- Location: Prince Albert National Park, Saskatchewan
- Coordinates: 54°06′00″N 106°27′02″W﻿ / ﻿54.1001°N 106.4505°W
- Part of: Churchill River drainage basin
- Primary inflows: Bagwa Lake Channel
- River sources: Waskesiu Upland
- Primary outflows: Kingsmere River
- Basin countries: Canada
- Surface area: 5,912.7 ha (14,611 acres)
- Max. depth: 45.1 m (148 ft)
- Shore length^{1}: 38 km (24 mi)
- Surface elevation: 535 m (1,755 ft)
- Settlements: None

= Kingsmere Lake =

Lake in Saskatchewan, Canada

Kingsmere Lake is a lake surrounded by boreal forest in the Canadian province of Saskatchewan. At 5912.7 ha in size and over 45.1 m deep, it is a large lake in the Waskesiu Upland of central Saskatchewan. Several creeks and rivers feed the lake from the surrounding hills and, at the southern end of the lake, the outlet — Kingsmere River — flows south into Waskesiu Lake. The lake is within the Churchill River drainage basin.

Kingsmere Lake is entirely within Prince Albert National Park. It has seven campgrounds, access to Grey Owl's cabin on Ajawaan Lake, hiking trails, canoeing, boating, and fishing. Access to the lake is from a trail that begins at the end of Kingsmere Road and follows the Kingsmere River northward.

== Campgrounds, trails, and canoe routes ==
There are seven backcountry campgrounds on Kingsmere Lake, four of which are on the Grey Owl Trail. The Grey Owl Trail is 19.9 km long and traverses the eastern shore of the lake from Kingsmere River to Grey Owl's cabin. One campground is on Kingsmere River Trail and the other two are only accessible by boat. The Kingsmere River Trail is 1.5 km long and follows the western bank of the Kingsmere River to the southern end of lake. Boat access to Kingsmere Lake is via a 1 km long rail car portage that bypasses the rapids at the head of Kingsmere River.

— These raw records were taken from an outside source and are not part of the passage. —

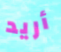
أريد
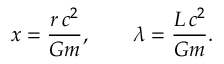
x = \frac { r \, c ^ { 2 } } { G m } , \qquad \lambda = \frac { L \, c ^ { 2 } } { G m } .
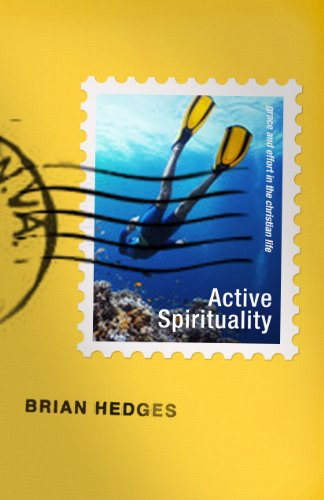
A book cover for Active Spirituality: Grace and Effort in the Christian Life; Brian G. Hedges; Christian Books & Bibles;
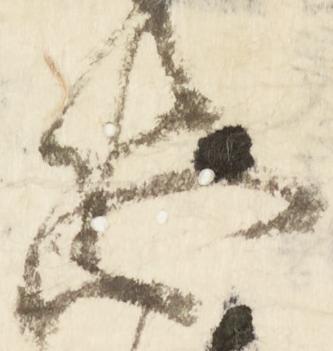
恐
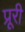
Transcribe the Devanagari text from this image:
प्रूरी
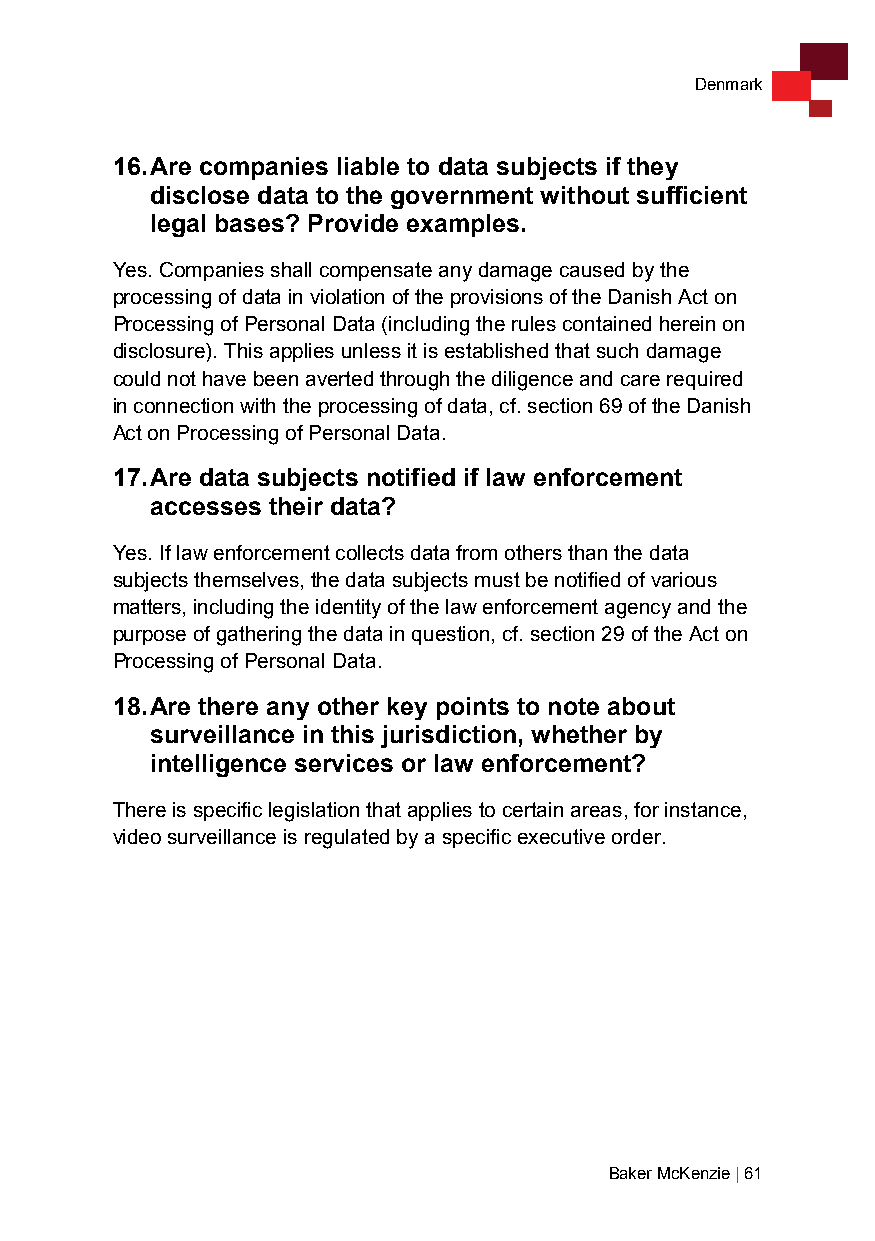
Denmark
 16. Are companies liable to data subjects if they
 disclose data to the government without sufficient
 legal bases? Provide examples.
 Yes. Companies shall compensate any damage caused by the
 processing of data in violation of the provisions of the Danish Act on
 Processing of Personal Data (including the rules contained herein on
 disclosure). This applies unless it is established that such damage
 could not have been averted through the diligence and care required
 in connection with the processing of data, cf. section 69 of the Danish
 Act on Processing of Personal Data.
 17. Are data subjects notified if law enforcement
 accesses their data?
 Yes. If law enforcement collects data from others than the data
 subjects themselves, the data subjects must be notified of various
 matters, including the identity of the law enforcement agency and the
 purpose of gathering the data in question, cf. section 29 of the Act on
 Processing of Personal Data.
 18. Are there any other key points to note about
 surveillance in this jurisdiction, whether by
 intelligence services or law enforcement?
 There is specific legislation that applies to certain areas, for instance,
 video surveillance is regulated by a specific executive order.
 Baker McKenzie | 61
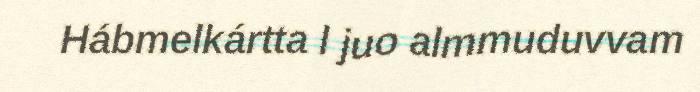
Hábmelkártta l juo almmuduvvam
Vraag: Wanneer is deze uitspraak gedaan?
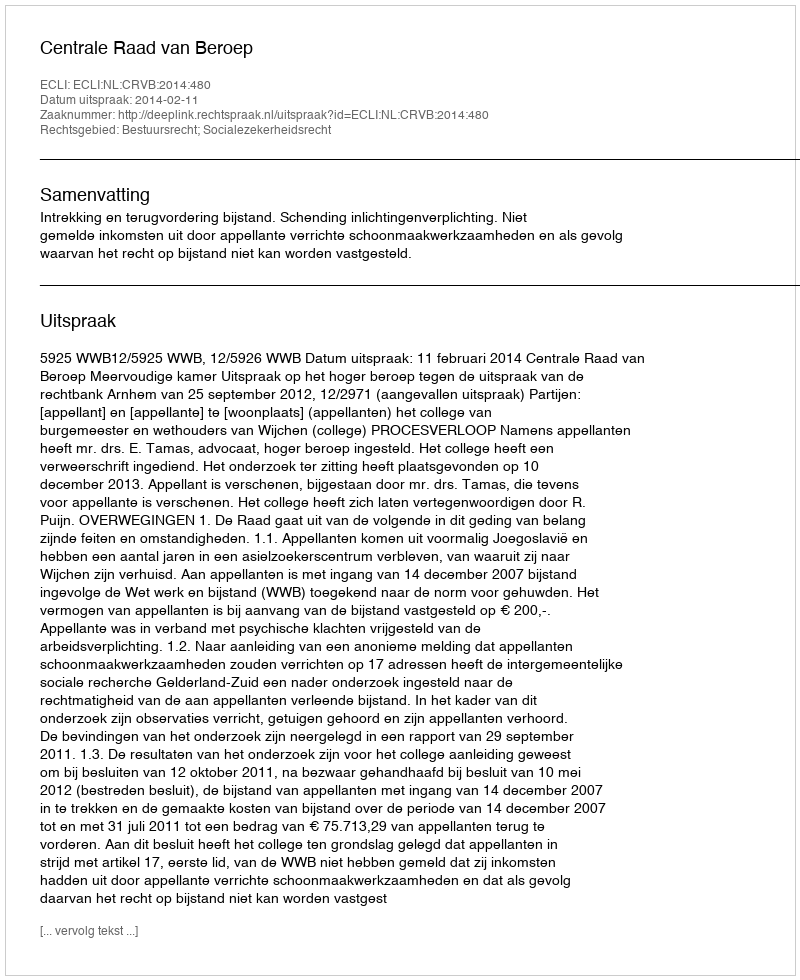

- Westwind Group Campground — the first campground on Grey Owl Trail, it is on the south-eastern corner of the lake
- Chipewyan Portage Campground — the second campground on the trail, it is situated on the eastern shore of the lake at the western end of an historical portage between Crean Lake and Kingsmere Lake
- Sandy Beach Campground — the third campground on the trail, it is on the north-eastern shore
- Northend Campground and Group Camping — the final campground on the trail, is on the northern shore
- Southend Campground — is at the end of the Kingsmere River Trail and has a kitchen shelter
- Bladebone Bay Campground — is on the north-western shore and is only accissble by boat
- Pease Point Campground — is on the western shore at the mouth of the Bagwa Lake Channel

=== Bagwa Canoe Route ===
The Bagwa Canoe Route is a canoe route that begins at the southern end of Kingsmere Lake, follows the western shore, traverses the Bagwa Lake Channel, and goes through three other lakes. The route is well marked and takes 7 to 10 hours to complete. Besides the campgrounds on Kingsmere Lake, there are two more campgrounds on the canoe route — one on Bagwa Lake and the other on Lily Lake.

Beginning at the rail car portage and Southend Campground, the canoe route follows the western shore of Kingsmere Lake to Bagwa Lake Channel and Pease Campground. The route then follows the channel to Bagwa Lake. Bagwa Lake Campground is at the southern end of Bagwa Lake. The route then follows a creek into Lily Lake. Lily Lake Campground is on the eastern shore of Lily Lake. At the south-eastern end of Lily Lake is a 200 m long portage that goes to Clare Lake. At the eastern end of Clare lake is another 200 m long portage that goes back to Kingsmere Lake.

== Fish species ==
Fish commonly found in Kingsmere Lake include northern pike, walleye, and lake trout.